Paralysis grips Newcastle as failed takeover leaves Mike Ashley and supporters in unhappy marriage

There is a willing buyer and an enthusiastic seller, but until the Premier League is satisfied – or forced to change its stance by legal action – the Saudi takeover cannot be concluded

Owner Mike Ashley watches Newcastle's defeat by Brighton in the stands at St James' Park
Owner Mike Ashley watches Newcastle's defeat by Brighton in the stands at St James' Park

It was not supposed to be like this for Newcastle United. In May and June, even though the country was locked down and in chaos, there was a cause for optimism on Tyneside. A takeover was in the offing at St James’ Park. Mike Ashley, the reviled owner, was heading towards the door.

As autumn’s chill deepens, there is little to look forward to in the north east. The sale of the club fell apart with the Premier League and the Saudi Arabian-funded, Amanda Staveley-led consortium that includes the Reuben brothers reaching an impasse over the owners’ and directors’ test. There are no other buyers on the horizon. A grim winter lies ahead for the supporters and Ashley. There is little to be positive about as coronavirus once again tightens its grip on the region.

The transfer window shuts on Monday, In early summer, fans imagined that the prospective new owners were ready to go on a spending spree. The desert nation’s Public Investment Fund (PIF), which supplied 80 per cent of the £300 million asking price, is estimated to have about £390 billion in assets. Although the Saudis viewed the potential acquisition of Newcastle as a business deal rather than a vanity buy, the new regime would have been looking to bring in bigger names than Callum Wilson and Jamal Lewis, bought for a total of £35 million from Bournemouth and Norwich City respectively. Both players represent good value but Geordies expected more exotic and glamorous recruits.

Gallowgate dreamers imagined a window more like Everton’s, with the sort of recruitment that opens up tantalising possibilities and delivers positive results. The disappointment hurts as much as anything. The promise of better times has been withdrawn.

For now, Ashely and the supporters are stuck with each other. It is a situation neither side wants. The SportsDirect tycoon is eager to get out. His problem is that there are lots of people across the world who want to own football clubs but very few who have the finances to turn desire into reality. PIF put money on the table and the 56-year-old was a Premier League rubberstamping away from banking the Saudi cash. He cannot afford to let the transaction die. Who knows when the next realistic investor will come along, especially in this Covid-19 ravaged economy.

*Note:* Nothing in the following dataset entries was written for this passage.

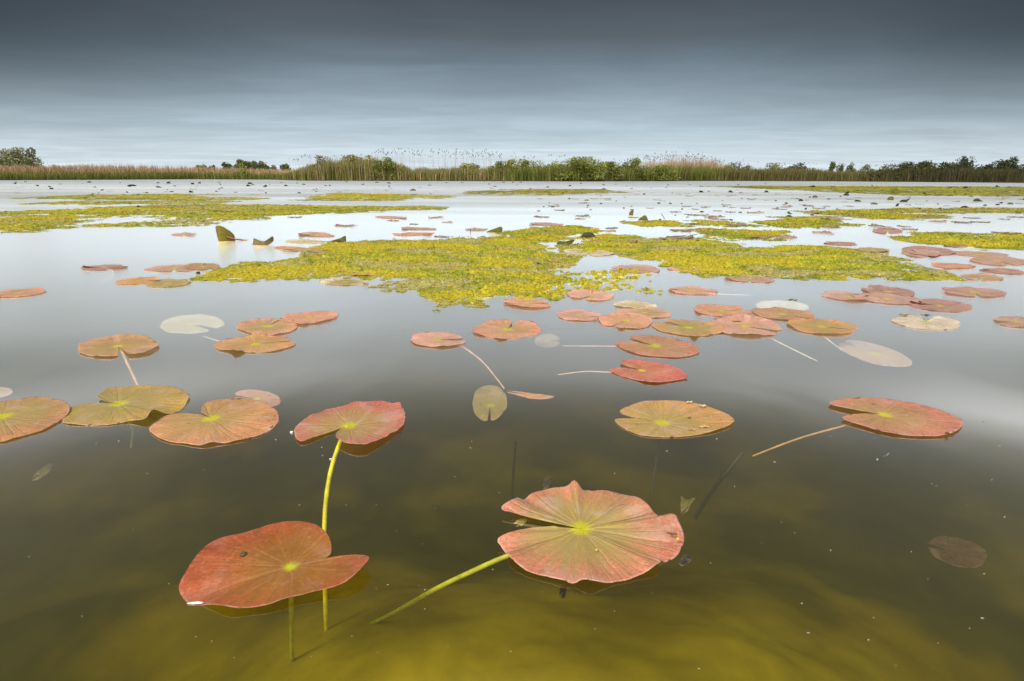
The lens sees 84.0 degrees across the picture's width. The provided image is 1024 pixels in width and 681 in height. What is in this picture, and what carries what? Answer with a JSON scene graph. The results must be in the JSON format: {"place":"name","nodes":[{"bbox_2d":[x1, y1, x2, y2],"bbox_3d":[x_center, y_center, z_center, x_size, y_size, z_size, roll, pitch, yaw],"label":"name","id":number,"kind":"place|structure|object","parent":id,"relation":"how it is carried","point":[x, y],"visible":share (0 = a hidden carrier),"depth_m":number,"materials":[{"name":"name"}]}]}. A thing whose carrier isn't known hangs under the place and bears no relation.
{"place":"outdoors","nodes":[
{"label":"outdoors","id":0,"kind":"place"},
{"bbox_2d":[0,184,1023,680],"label":"water","id":1,"kind":"structure","parent":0,"point":[110,532],"depth_m":2.07,"materials":[{"name":"liquid"}]},
{"bbox_2d":[294,400,405,630],"bbox_3d":[-0.320,0.303,1.059,0.193,0.293,0.353,6,17,19],"label":"lily pad","id":2,"kind":"object","parent":1,"relation":"on","point":[363,422],"visible":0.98,"depth_m":1.06,"materials":[{"name":"red plant"}]},
{"bbox_2d":[0,177,1023,186],"bbox_3d":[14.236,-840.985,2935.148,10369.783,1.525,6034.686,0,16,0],"label":"bank","id":3,"kind":"structure","parent":0,"point":[295,182],"depth_m":71.52,"materials":[{"name":"soil"}]},
{"bbox_2d":[0,148,28,167],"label":"willow bush","id":4,"kind":"object","parent":3,"relation":"on","point":[6,160],"visible":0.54,"depth_m":63.24,"materials":[{"name":"green plant"}]},
{"bbox_2d":[10,147,43,167],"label":"willow bush","id":5,"kind":"object","parent":3,"relation":"on","point":[27,159],"visible":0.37,"depth_m":66.10,"materials":[{"name":"green plant"}]},
{"bbox_2d":[0,163,300,175],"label":"dry reeds","id":6,"kind":"object","parent":3,"relation":"on","point":[39,169],"visible":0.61,"depth_m":76.00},
{"bbox_2d":[368,157,404,179],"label":"willow bush","id":7,"kind":"object","parent":3,"relation":"on","point":[389,159],"visible":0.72,"depth_m":66.83,"materials":[{"name":"green plant"}]},
{"bbox_2d":[290,148,573,169],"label":"plume reeds","id":8,"kind":"object","parent":3,"relation":"on","point":[461,162],"visible":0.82,"depth_m":70.16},
{"bbox_2d":[486,158,521,176],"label":"willow bush","id":9,"kind":"object","parent":3,"relation":"on","point":[498,164],"visible":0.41,"depth_m":68.80,"materials":[{"name":"green plant"}]},
{"bbox_2d":[517,159,545,174],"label":"willow bush","id":10,"kind":"object","parent":3,"relation":"on","point":[525,163],"visible":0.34,"depth_m":69.91,"materials":[{"name":"green plant"}]},
{"bbox_2d":[544,156,607,179],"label":"willow bush","id":11,"kind":"object","parent":3,"relation":"on","point":[582,162],"visible":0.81,"depth_m":69.30,"materials":[{"name":"green plant"}]},
{"bbox_2d":[597,161,625,179],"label":"willow bush","id":12,"kind":"object","parent":3,"relation":"on","point":[610,166],"visible":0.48,"depth_m":73.32,"materials":[{"name":"green plant"}]},
{"bbox_2d":[620,157,648,178],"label":"willow bush","id":13,"kind":"object","parent":3,"relation":"on","point":[636,163],"visible":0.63,"depth_m":77.20,"materials":[{"name":"green plant"}]},
{"bbox_2d":[650,165,679,180],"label":"willow bush","id":14,"kind":"object","parent":3,"relation":"on","point":[664,173],"visible":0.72,"depth_m":80.02,"materials":[{"name":"green plant"}]},
{"bbox_2d":[618,151,724,169],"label":"plume reeds","id":15,"kind":"object","parent":3,"relation":"on","point":[681,158],"visible":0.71,"depth_m":87.90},
{"bbox_2d":[639,156,730,169],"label":"straw reeds","id":16,"kind":"object","parent":3,"relation":"on","point":[682,163],"visible":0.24,"depth_m":89.35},
{"bbox_2d":[887,161,925,179],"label":"dark bush","id":17,"kind":"object","parent":3,"relation":"on","point":[904,165],"visible":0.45,"depth_m":84.49,"materials":[{"name":"green plant"}]},
{"bbox_2d":[907,160,939,179],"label":"dark bush","id":18,"kind":"object","parent":3,"relation":"on","point":[928,163],"visible":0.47,"depth_m":82.20,"materials":[{"name":"green plant"}]},
{"bbox_2d":[923,161,960,179],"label":"dark bush","id":19,"kind":"object","parent":3,"relation":"on","point":[945,164],"visible":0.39,"depth_m":79.99,"materials":[{"name":"green plant"}]},
{"bbox_2d":[957,156,982,170],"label":"dark tree","id":20,"kind":"object","parent":3,"relation":"on","point":[964,162],"visible":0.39,"depth_m":79.52,"materials":[{"name":"green plant"}]},
{"bbox_2d":[996,156,1022,168],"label":"dark tree","id":21,"kind":"object","parent":3,"relation":"on","point":[1004,164],"visible":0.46,"depth_m":75.08,"materials":[{"name":"green plant"}]},
{"bbox_2d":[0,0,1023,173],"label":"sky","id":22,"kind":"structure","parent":0,"point":[174,83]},
{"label":"water","id":23,"kind":"structure","parent":0,"visible":0},
{"bbox_2d":[0,288,45,296],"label":"lily pad","id":24,"kind":"object","parent":23,"relation":"on","point":[21,292],"visible":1,"depth_m":2.26,"materials":[{"name":"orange plant"}]},
{"bbox_2d":[0,396,69,441],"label":"lily pad","id":25,"kind":"object","parent":23,"relation":"on","point":[25,416],"visible":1,"depth_m":1.11,"materials":[{"name":"orange plant"}]},
{"bbox_2d":[31,463,53,480],"bbox_3d":[-0.874,0.244,1.063,0.021,0.003,0.065,-4,17,-16],"label":"sunken leaf","id":26,"kind":"object","parent":23,"relation":"in","point":[44,470],"visible":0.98,"depth_m":1.06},
{"bbox_2d":[0,214,111,232],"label":"weed mat","id":27,"kind":"object","parent":23,"relation":"on","point":[49,221],"visible":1,"depth_m":5.62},
{"bbox_2d":[81,264,127,282],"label":"lily pad","id":28,"kind":"object","parent":23,"relation":"on","point":[99,267],"visible":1,"depth_m":2.88,"materials":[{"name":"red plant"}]},
{"bbox_2d":[78,334,158,384],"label":"lily pad","id":29,"kind":"object","parent":23,"relation":"on","point":[127,343],"visible":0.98,"depth_m":1.55,"materials":[{"name":"orange plant"}]},
{"bbox_2d":[62,385,188,447],"bbox_3d":[-0.776,0.168,1.178,0.231,0.104,0.216,0,16,0],"label":"lily pad","id":30,"kind":"object","parent":23,"relation":"on","point":[139,402],"visible":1,"depth_m":1.16,"materials":[{"name":"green plant"}]},
{"bbox_2d":[19,199,240,204],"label":"weed mat","id":31,"kind":"object","parent":23,"relation":"on","point":[188,201],"visible":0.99,"depth_m":9.91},
{"bbox_2d":[116,277,159,283],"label":"lily pad","id":32,"kind":"object","parent":23,"relation":"on","point":[139,280],"visible":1,"depth_m":2.52,"materials":[{"name":"orange plant"}]},
{"bbox_2d":[17,194,269,200],"bbox_3d":[-7.873,-3.273,12.902,5.562,0.025,4.461,0,16,0],"label":"weed mat","id":33,"kind":"object","parent":23,"relation":"on","point":[145,197],"visible":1,"depth_m":12.28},
{"bbox_2d":[0,171,305,180],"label":"green sedge","id":34,"kind":"object","parent":23,"relation":"on","point":[42,175],"visible":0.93,"depth_m":74.27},
{"bbox_2d":[145,279,190,287],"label":"lily pad","id":35,"kind":"object","parent":23,"relation":"on","point":[172,282],"visible":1,"depth_m":2.47,"materials":[{"name":"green plant"}]},
{"bbox_2d":[144,264,196,271],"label":"lily pad","id":36,"kind":"object","parent":23,"relation":"on","point":[178,267],"visible":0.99,"depth_m":2.87,"materials":[{"name":"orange plant"}]},
{"bbox_2d":[74,214,270,226],"bbox_3d":[-3.381,-1.285,6.030,1.471,0.021,1.805,0,16,0],"label":"weed mat","id":37,"kind":"object","parent":23,"relation":"on","point":[179,220],"visible":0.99,"depth_m":5.72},
{"bbox_2d":[160,314,224,333],"bbox_3d":[-1.120,-0.059,1.988,0.190,0.004,0.315,-14,21,-41],"label":"sunken leaf","id":38,"kind":"object","parent":23,"relation":"in","point":[181,324],"visible":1,"depth_m":1.99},
{"bbox_2d":[183,263,220,269],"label":"lily pad","id":39,"kind":"object","parent":23,"relation":"on","point":[199,266],"visible":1,"depth_m":2.93,"materials":[{"name":"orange plant"}]},
{"bbox_2d":[149,398,278,444],"bbox_3d":[-0.554,0.153,1.081,0.228,0.006,0.202,11,19,33],"label":"lily pad","id":40,"kind":"object","parent":23,"relation":"on","point":[231,420],"visible":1,"depth_m":1.07,"materials":[{"name":"orange plant"}]},
{"bbox_2d":[0,204,448,217],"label":"weed mat","id":41,"kind":"object","parent":23,"relation":"on","point":[181,211],"visible":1,"depth_m":7.68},
{"bbox_2d":[215,225,252,243],"bbox_3d":[-2.001,-0.770,4.131,0.261,0.132,0.038,-7,18,-24],"label":"raised leaf","id":42,"kind":"object","parent":23,"relation":"on","point":[224,235],"visible":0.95,"depth_m":4.10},
{"bbox_2d":[203,333,295,352],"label":"lily pad","id":43,"kind":"object","parent":23,"relation":"on","point":[250,343],"visible":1,"depth_m":1.58,"materials":[{"name":"orange plant"}]},
{"bbox_2d":[235,389,280,406],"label":"lily pad","id":44,"kind":"object","parent":23,"relation":"in","point":[270,398],"visible":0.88,"depth_m":1.29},
{"bbox_2d":[237,318,297,334],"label":"lily pad","id":45,"kind":"object","parent":23,"relation":"on","point":[258,325],"visible":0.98,"depth_m":1.76,"materials":[{"name":"orange plant"}]},
{"bbox_2d":[179,521,369,661],"bbox_3d":[-0.284,0.392,0.710,0.204,0.276,0.161,9,18,29],"label":"lily pad","id":46,"kind":"object","parent":23,"relation":"on","point":[263,571],"visible":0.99,"depth_m":0.67,"materials":[{"name":"red plant"}]},
{"bbox_2d":[274,246,326,251],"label":"lily pad","id":47,"kind":"object","parent":23,"relation":"on","point":[300,249],"visible":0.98,"depth_m":3.65,"materials":[{"name":"orange plant"}]},
{"bbox_2d":[286,239,325,243],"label":"lily pad","id":48,"kind":"object","parent":23,"relation":"on","point":[301,241],"visible":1,"depth_m":4.09,"materials":[{"name":"beige plant"}]},
{"bbox_2d":[280,311,337,323],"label":"lily pad","id":49,"kind":"object","parent":23,"relation":"on","point":[309,317],"visible":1,"depth_m":1.89,"materials":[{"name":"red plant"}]},
{"bbox_2d":[319,278,367,284],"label":"lily pad","id":50,"kind":"object","parent":23,"relation":"on","point":[332,281],"visible":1,"depth_m":2.51,"materials":[{"name":"yellow plant"}]},
{"bbox_2d":[295,192,449,200],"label":"weed mat","id":51,"kind":"object","parent":23,"relation":"on","point":[350,196],"visible":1,"depth_m":12.83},
{"bbox_2d":[188,236,583,307],"bbox_3d":[-0.531,-0.488,3.277,1.923,0.026,2.586,0,16,0],"label":"weed mat","id":52,"kind":"object","parent":23,"relation":"on","point":[390,257],"visible":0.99,"depth_m":2.93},
{"bbox_2d":[289,157,511,180],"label":"mixed reeds","id":53,"kind":"object","parent":23,"relation":"on","point":[345,170],"visible":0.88,"depth_m":67.15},
{"bbox_2d":[411,332,504,388],"bbox_3d":[-0.140,0.046,1.606,0.344,0.089,0.142,8,18,26],"label":"lily pad","id":54,"kind":"object","parent":23,"relation":"on","point":[431,339],"visible":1,"depth_m":1.62,"materials":[{"name":"pink plant"}]},
{"bbox_2d":[473,385,506,420],"bbox_3d":[-0.055,0.151,1.414,0.086,0.005,0.233,0,16,0],"label":"sunken leaf","id":55,"kind":"object","parent":23,"relation":"in","point":[492,398],"visible":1,"depth_m":1.41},
{"bbox_2d":[472,320,541,338],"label":"lily pad","id":56,"kind":"object","parent":23,"relation":"on","point":[518,329],"visible":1,"depth_m":1.74,"materials":[{"name":"orange plant"}]},
{"bbox_2d":[511,441,516,498],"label":"sunken stalk","id":57,"kind":"object","parent":23,"relation":"in","point":[513,473],"visible":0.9,"depth_m":1.53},
{"bbox_2d":[370,480,683,623],"bbox_3d":[-0.012,0.359,0.780,0.467,0.264,0.208,0,16,0],"label":"lily pad","id":58,"kind":"object","parent":23,"relation":"on","point":[627,537],"visible":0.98,"depth_m":0.74,"materials":[{"name":"red plant"}]},
{"bbox_2d":[503,299,550,306],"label":"lily pad","id":59,"kind":"object","parent":23,"relation":"on","point":[528,302],"visible":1,"depth_m":2.10,"materials":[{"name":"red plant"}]},
{"bbox_2d":[507,391,553,398],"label":"sunken leaf","id":60,"kind":"object","parent":23,"relation":"in","point":[533,396],"visible":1,"depth_m":1.25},
{"bbox_2d":[463,189,629,195],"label":"weed mat","id":61,"kind":"object","parent":23,"relation":"on","point":[541,191],"visible":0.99,"depth_m":17.93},
{"bbox_2d":[534,334,559,347],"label":"sunken leaf","id":62,"kind":"object","parent":23,"relation":"in","point":[544,340],"visible":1,"depth_m":1.95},
{"bbox_2d":[495,225,602,241],"bbox_3d":[0.334,-0.932,4.834,0.973,0.027,1.550,0,16,0],"label":"weed mat","id":63,"kind":"object","parent":23,"relation":"on","point":[543,234],"visible":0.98,"depth_m":4.73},
{"bbox_2d":[557,309,601,320],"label":"lily pad","id":64,"kind":"object","parent":23,"relation":"on","point":[578,314],"visible":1,"depth_m":1.92,"materials":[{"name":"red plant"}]},
{"bbox_2d":[505,268,661,298],"bbox_3d":[0.297,-0.270,2.534,0.759,0.022,0.754,0,16,0],"label":"weed mat","id":65,"kind":"object","parent":23,"relation":"on","point":[583,281],"visible":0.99,"depth_m":2.51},
{"bbox_2d":[564,248,613,255],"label":"lily pad","id":66,"kind":"object","parent":23,"relation":"on","point":[599,253],"visible":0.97,"depth_m":3.52,"materials":[{"name":"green plant"}]},
{"bbox_2d":[566,289,614,300],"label":"lily pad","id":67,"kind":"object","parent":23,"relation":"on","point":[597,295],"visible":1,"depth_m":2.25,"materials":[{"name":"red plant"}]},
{"bbox_2d":[489,163,730,180],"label":"young reeds","id":68,"kind":"object","parent":23,"relation":"on","point":[702,172],"visible":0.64,"depth_m":72.58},
{"bbox_2d":[558,359,687,381],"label":"lily pad","id":69,"kind":"object","parent":23,"relation":"on","point":[648,371],"visible":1,"depth_m":1.37,"materials":[{"name":"red plant"}]},
{"bbox_2d":[598,312,652,328],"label":"lily pad","id":70,"kind":"object","parent":23,"relation":"on","point":[637,320],"visible":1,"depth_m":1.85,"materials":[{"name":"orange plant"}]},
{"bbox_2d":[563,335,698,356],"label":"lily pad","id":71,"kind":"object","parent":23,"relation":"on","point":[660,346],"visible":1,"depth_m":1.57,"materials":[{"name":"orange plant"}]},
{"bbox_2d":[610,265,659,272],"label":"lily pad","id":72,"kind":"object","parent":23,"relation":"on","point":[648,268],"visible":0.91,"depth_m":2.92,"materials":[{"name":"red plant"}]},
{"bbox_2d":[612,300,657,308],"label":"lily pad","id":73,"kind":"object","parent":23,"relation":"on","point":[630,303],"visible":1,"depth_m":2.09,"materials":[{"name":"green plant"}]},
{"bbox_2d":[618,306,670,317],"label":"lily pad","id":74,"kind":"object","parent":23,"relation":"on","point":[649,311],"visible":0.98,"depth_m":1.98,"materials":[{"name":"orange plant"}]},
{"bbox_2d":[619,220,694,226],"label":"weed mat","id":75,"kind":"object","parent":23,"relation":"on","point":[654,223],"visible":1,"depth_m":5.76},
{"bbox_2d":[615,400,733,499],"bbox_3d":[0.312,0.226,1.131,0.230,0.165,0.176,0,16,0],"label":"lily pad","id":76,"kind":"object","parent":23,"relation":"on","point":[674,421],"visible":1,"depth_m":1.10,"materials":[{"name":"orange plant"}]},
{"bbox_2d":[652,319,723,335],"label":"lily pad","id":77,"kind":"object","parent":23,"relation":"on","point":[699,328],"visible":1,"depth_m":1.76,"materials":[{"name":"orange plant"}]},
{"bbox_2d":[668,286,751,295],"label":"lily pad","id":78,"kind":"object","parent":23,"relation":"on","point":[691,290],"visible":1,"depth_m":2.35,"materials":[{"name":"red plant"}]},
{"bbox_2d":[693,452,743,519],"bbox_3d":[0.509,0.360,1.399,0.130,0.166,0.017,-5,17,-18],"label":"sunken stalk","id":79,"kind":"object","parent":23,"relation":"in","point":[714,488],"visible":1,"depth_m":1.39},
{"bbox_2d":[694,304,751,316],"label":"lily pad","id":80,"kind":"object","parent":23,"relation":"on","point":[713,309],"visible":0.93,"depth_m":2.02,"materials":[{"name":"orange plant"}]},
{"bbox_2d":[684,219,768,226],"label":"weed mat","id":81,"kind":"object","parent":23,"relation":"on","point":[709,222],"visible":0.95,"depth_m":5.81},
{"bbox_2d":[686,227,791,240],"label":"weed mat","id":82,"kind":"object","parent":23,"relation":"on","point":[732,233],"visible":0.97,"depth_m":4.75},
{"bbox_2d":[726,274,774,282],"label":"lily pad","id":83,"kind":"object","parent":23,"relation":"on","point":[761,279],"visible":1,"depth_m":2.61,"materials":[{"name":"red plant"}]},
{"bbox_2d":[554,233,968,280],"bbox_3d":[1.289,-0.593,3.658,2.030,0.029,2.207,0,16,0],"label":"weed mat","id":84,"kind":"object","parent":23,"relation":"on","point":[806,259],"visible":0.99,"depth_m":3.25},
{"bbox_2d":[711,314,816,361],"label":"lily pad","id":85,"kind":"object","parent":23,"relation":"on","point":[738,327],"visible":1,"depth_m":1.79,"materials":[{"name":"pink plant"}]},
{"bbox_2d":[756,300,808,310],"bbox_3d":[1.065,-0.135,2.245,0.182,0.004,0.237,11,19,34],"label":"sunken leaf","id":86,"kind":"object","parent":23,"relation":"in","point":[784,304],"visible":0.81,"depth_m":2.27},
{"bbox_2d":[751,307,814,319],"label":"lily pad","id":87,"kind":"object","parent":23,"relation":"on","point":[778,313],"visible":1,"depth_m":1.95,"materials":[{"name":"orange plant"}]},
{"bbox_2d":[749,215,865,227],"bbox_3d":[3.226,-1.306,6.173,1.078,0.028,2.176,10,19,31],"label":"weed mat","id":88,"kind":"object","parent":23,"relation":"on","point":[811,221],"visible":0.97,"depth_m":5.95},
{"bbox_2d":[717,167,912,181],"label":"olive sedge","id":89,"kind":"object","parent":23,"relation":"on","point":[765,174],"visible":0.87,"depth_m":92.44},
{"bbox_2d":[787,318,857,351],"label":"lily pad","id":90,"kind":"object","parent":23,"relation":"on","point":[811,325],"visible":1,"depth_m":1.79,"materials":[{"name":"orange plant"}]},
{"bbox_2d":[822,290,879,301],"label":"lily pad","id":91,"kind":"object","parent":23,"relation":"on","point":[834,294],"visible":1,"depth_m":2.25,"materials":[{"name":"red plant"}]},
{"bbox_2d":[752,397,962,456],"bbox_3d":[0.664,0.175,1.128,0.409,0.069,0.192,0,16,0],"label":"lily pad","id":92,"kind":"object","parent":23,"relation":"on","point":[901,417],"visible":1,"depth_m":1.10,"materials":[{"name":"red plant"}]},
{"bbox_2d":[721,186,1023,196],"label":"weed mat","id":93,"kind":"object","parent":23,"relation":"on","point":[947,190],"visible":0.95,"depth_m":23.69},
{"bbox_2d":[793,208,953,218],"bbox_3d":[4.927,-1.714,7.617,1.918,0.027,2.503,0,16,0],"label":"weed mat","id":94,"kind":"object","parent":23,"relation":"on","point":[874,213],"visible":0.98,"depth_m":7.41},
{"bbox_2d":[839,340,911,366],"bbox_3d":[1.068,0.035,1.688,0.165,0.004,0.270,0,16,0],"label":"sunken leaf","id":95,"kind":"object","parent":23,"relation":"in","point":[882,355],"visible":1,"depth_m":1.67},
{"bbox_2d":[853,292,921,304],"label":"lily pad","id":96,"kind":"object","parent":23,"relation":"on","point":[890,298],"visible":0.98,"depth_m":2.20,"materials":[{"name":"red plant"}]},
{"bbox_2d":[861,285,914,296],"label":"lily pad","id":97,"kind":"object","parent":23,"relation":"on","point":[898,291],"visible":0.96,"depth_m":2.37,"materials":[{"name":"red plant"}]},
{"bbox_2d":[902,249,940,257],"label":"lily pad","id":98,"kind":"object","parent":23,"relation":"on","point":[922,251],"visible":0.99,"depth_m":3.58,"materials":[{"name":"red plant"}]},
{"bbox_2d":[891,315,959,329],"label":"lily pad","id":99,"kind":"object","parent":23,"relation":"on","point":[932,323],"visible":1,"depth_m":1.84,"materials":[{"name":"beige plant"}]},
{"bbox_2d":[902,246,956,255],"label":"lily pad","id":100,"kind":"object","parent":23,"relation":"on","point":[943,251],"visible":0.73,"depth_m":3.75,"materials":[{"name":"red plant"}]},
{"bbox_2d":[908,299,972,311],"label":"lily pad","id":101,"kind":"object","parent":23,"relation":"on","point":[944,305],"visible":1,"depth_m":2.09,"materials":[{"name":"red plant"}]},
{"bbox_2d":[876,207,1023,213],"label":"weed mat","id":102,"kind":"object","parent":23,"relation":"on","point":[960,210],"visible":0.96,"depth_m":8.34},
{"bbox_2d":[877,165,1023,182],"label":"dark sedge","id":103,"kind":"object","parent":23,"relation":"on","point":[963,174],"visible":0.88,"depth_m":77.13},
{"bbox_2d":[931,262,973,267],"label":"lily pad","id":104,"kind":"object","parent":23,"relation":"on","point":[950,265],"visible":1,"depth_m":3.05,"materials":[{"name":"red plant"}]},
{"bbox_2d":[887,231,1023,250],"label":"weed mat","id":105,"kind":"object","parent":23,"relation":"on","point":[1006,240],"visible":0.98,"depth_m":4.32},
{"bbox_2d":[928,536,985,567],"bbox_3d":[0.919,0.436,1.176,0.123,0.004,0.090,-10,19,-31],"label":"sunken leaf","id":106,"kind":"object","parent":23,"relation":"in","point":[965,554],"visible":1,"depth_m":1.17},
{"bbox_2d":[942,286,1006,296],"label":"lily pad","id":107,"kind":"object","parent":23,"relation":"on","point":[967,291],"visible":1,"depth_m":2.34,"materials":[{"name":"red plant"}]},
{"bbox_2d":[952,251,1008,256],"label":"lily pad","id":108,"kind":"object","parent":23,"relation":"on","point":[971,253],"visible":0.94,"depth_m":3.53,"materials":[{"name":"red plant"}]},
{"bbox_2d":[960,273,1003,281],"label":"lily pad","id":109,"kind":"object","parent":23,"relation":"on","point":[987,277],"visible":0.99,"depth_m":2.69,"materials":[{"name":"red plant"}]},
{"bbox_2d":[970,256,1023,264],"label":"lily pad","id":110,"kind":"object","parent":23,"relation":"on","point":[992,260],"visible":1,"depth_m":3.24,"materials":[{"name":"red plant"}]},
{"bbox_2d":[980,268,1023,273],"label":"lily pad","id":111,"kind":"object","parent":23,"relation":"on","point":[1005,271],"visible":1,"depth_m":2.88,"materials":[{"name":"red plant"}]},
{"bbox_2d":[993,316,1023,326],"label":"lily pad","id":112,"kind":"object","parent":23,"relation":"on","point":[1015,321],"visible":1,"depth_m":1.87,"materials":[{"name":"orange plant"}]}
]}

Newcastle have taken three points from their first three games

The Premier League still requires further evidence that PIF is autonomous from the Saudi government. Both Ashely and the consortium believe enough proof of this has been provided. The 56-year-old has engaged two senior lawyers to act for him in the dispute with the ruling body. This signals that Ashley is not prepared to let the issue slide. The stalemate continues. It is unlikely to have a speedy ending.

“You know when the lawyers get involved that there’s no quick resolution,” a source close to the Staveley camp said. “If there is a solution, it’s a little way off.” Asked whether a solution exists, the individual concerned considered the question for a prolonged period and then answered in the affirmative although no details were provided about how the logjam might be bypassed.

The PIF-backed group withdrew from the sale process in July but have continued to maintain that the interest in completing the transaction remains strong. The Saudi investment fund’s representatives are notoriously inscrutable but contacts within the consortium claim that PIF are “determined” to pursue the purchase.

This is an unusual scenario with a willing buyer and an enthusiastic seller. Richard Masters, the chief executive of the Premier League, is in the middle. Until the ruling body is satisfied – or forced to change its stance by legal action – the deal will not be concluded.

Newcastle are in a state of paralysis. Fans can no longer direct their anger at Ashley. The owner has done everything they desired of him. Their mutual ire has turned in the direction of Masters and the league. On the pitch the team are in a holding pattern. Steve Bruce’s side look to be a cut above the relegation candidates but it is hard to see them cracking the top 10.  

Reality feels as cold and dark as winter nights on the banks of the Tyne but the takeover may have a twist or two yet. Newcastle’s new age is still some way off, though. The frustration is palpable because for once, Ashley and the fans want the same thing. Both are desperate to move on.